I have been asked, “Will Winn-Dixie continue to fill open employment positions?” As stated in our announcement, it is business as usual for Winn-Dixie, which means we will continue to fill open jobs provided they are part of the fiscal year 2012 annual operating plan and are deemed critical to business continuity.

Another question I have received is, “Will our recruiting message change?” In short, I suspect it will…but in a positive way. All of the reasons to join Winn-Dixie still exist today and will continue into the future, but now there is another great reason to join Winn-Dixie. This merger will serve to significantly expand our service footprint, and we expect the increased size and scale of the merged companies will enhance our positioning within the industry. This should create new opportunities for our team members to grow and share ideas across the organizations.

As I’ve mentioned before, there are still many details to work through as the merger moves forward. To the extent there are questions or updates on the process, I will address them each week in my Friday letter. Please continue to send any new merger questions you have to wdfuture@winn-dixie.com and visit the Enterprise and Retail Portals for answers and updates as the merger proceeds.

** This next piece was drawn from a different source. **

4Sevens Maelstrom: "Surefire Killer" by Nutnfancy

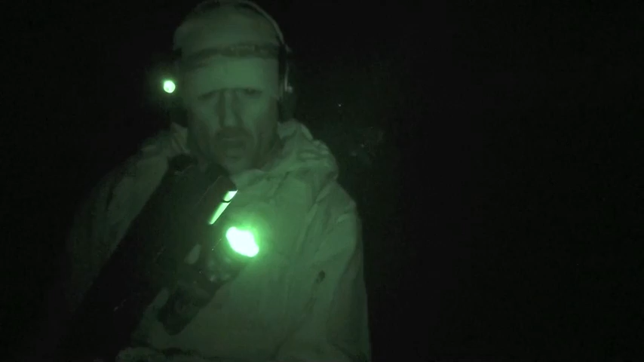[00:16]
10 degrees out in the frigid desert, Maelstrom G5 with a double-on buckshot, about 12 yards.
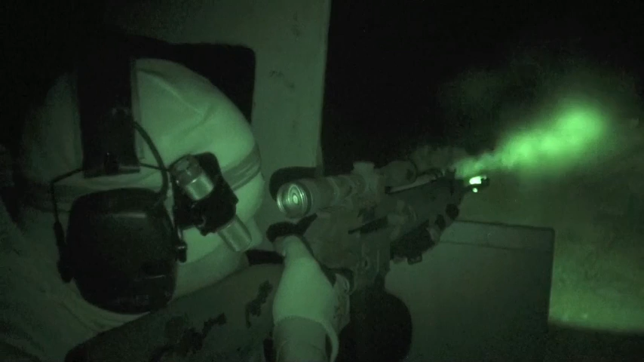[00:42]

As exciting as this merger is, in order to continue to grow and improve, we will need the contributions from our talented team members now more than ever. Winn-Dixie and BI-LO have talented and loyal team members at every level of their operations, and their dedication to excellence forms the foundation for our continued success.

I hope everyone is enjoying the holiday season with family and friends, and may you have a safe and happy New Year. Thank you for your ongoing commitment to our Company and for your continued dedication to serving our guests. We have a great deal to look forward to in 2012 as we continue to build our Company together.

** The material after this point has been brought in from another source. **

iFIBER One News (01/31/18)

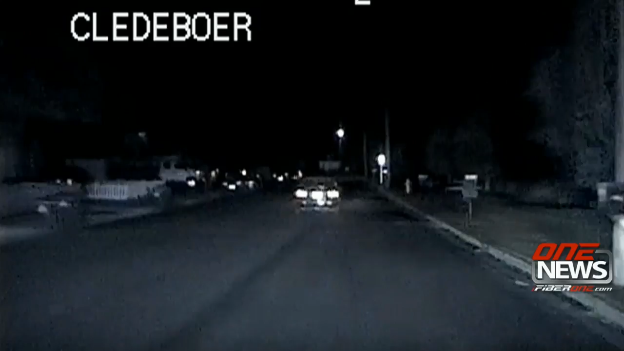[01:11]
James then sped up, leading to a pursuit along neighborhood roads and onto West Broadway Avenue. James eventually turned back toward Peninsula Drive before reaching the dead end at the entrance to the BMX track next to the Larson Recreation Center.

Keep up the good work and I’ll see you in the stores.

 

LOGO
Peter Lynch
Chairman, CEO and President


Additional Information and Where to Find it

In connection with the proposed merger and required shareholder approval, Winn-Dixie Stores, Inc. will file a proxy statement with the U.S. Securities and Exchange Commission (the “SEC”). INVESTORS AND SECURITY HOLDERS ARE ADVISED TO READ THE PROXY STATEMENT AND OTHER RELEVANT MATERIALS WHEN THEY BECOME AVAILABLE BECAUSE THEY WILL CONTAIN IMPORTANT INFORMATION ABOUT WINN-DIXIE AND THE MERGER. Investors and security holders may obtain free copies of these documents (when they are available) and other documents filed with the SEC at the SEC’s web site at www.sec.gov. In addition, the documents filed by Winn-Dixie Stores, Inc. with the SEC may be obtained free of charge by contacting Winn-Dixie at Winn-Dixie Stores, Inc., Attn: Investor Relations, 5050 Edgewood Court, Jacksonville, Florida, 32254-3699. Our filings with the SEC are also available on our website at www.WinnDixie.com.

Participants in the Solicitation

Winn-Dixie and its officers and directors may be deemed to be participants in the solicitation of proxies from Winn-Dixie’s shareholders with respect to the merger. Information about Winn-Dixie’s officers and directors and their ownership of Winn-Dixie’s common shares is set forth in the proxy statement for Winn-Dixie’s 2011 Annual Meeting of Shareholders, which was filed with the SEC on September 27, 2011. Investors and security holders may obtain more detailed information regarding the direct and indirect interests of Winn-Dixie and its officers and directors in the merger by reading the preliminary and definitive proxy statements regarding the merger, which will be filed with the SEC.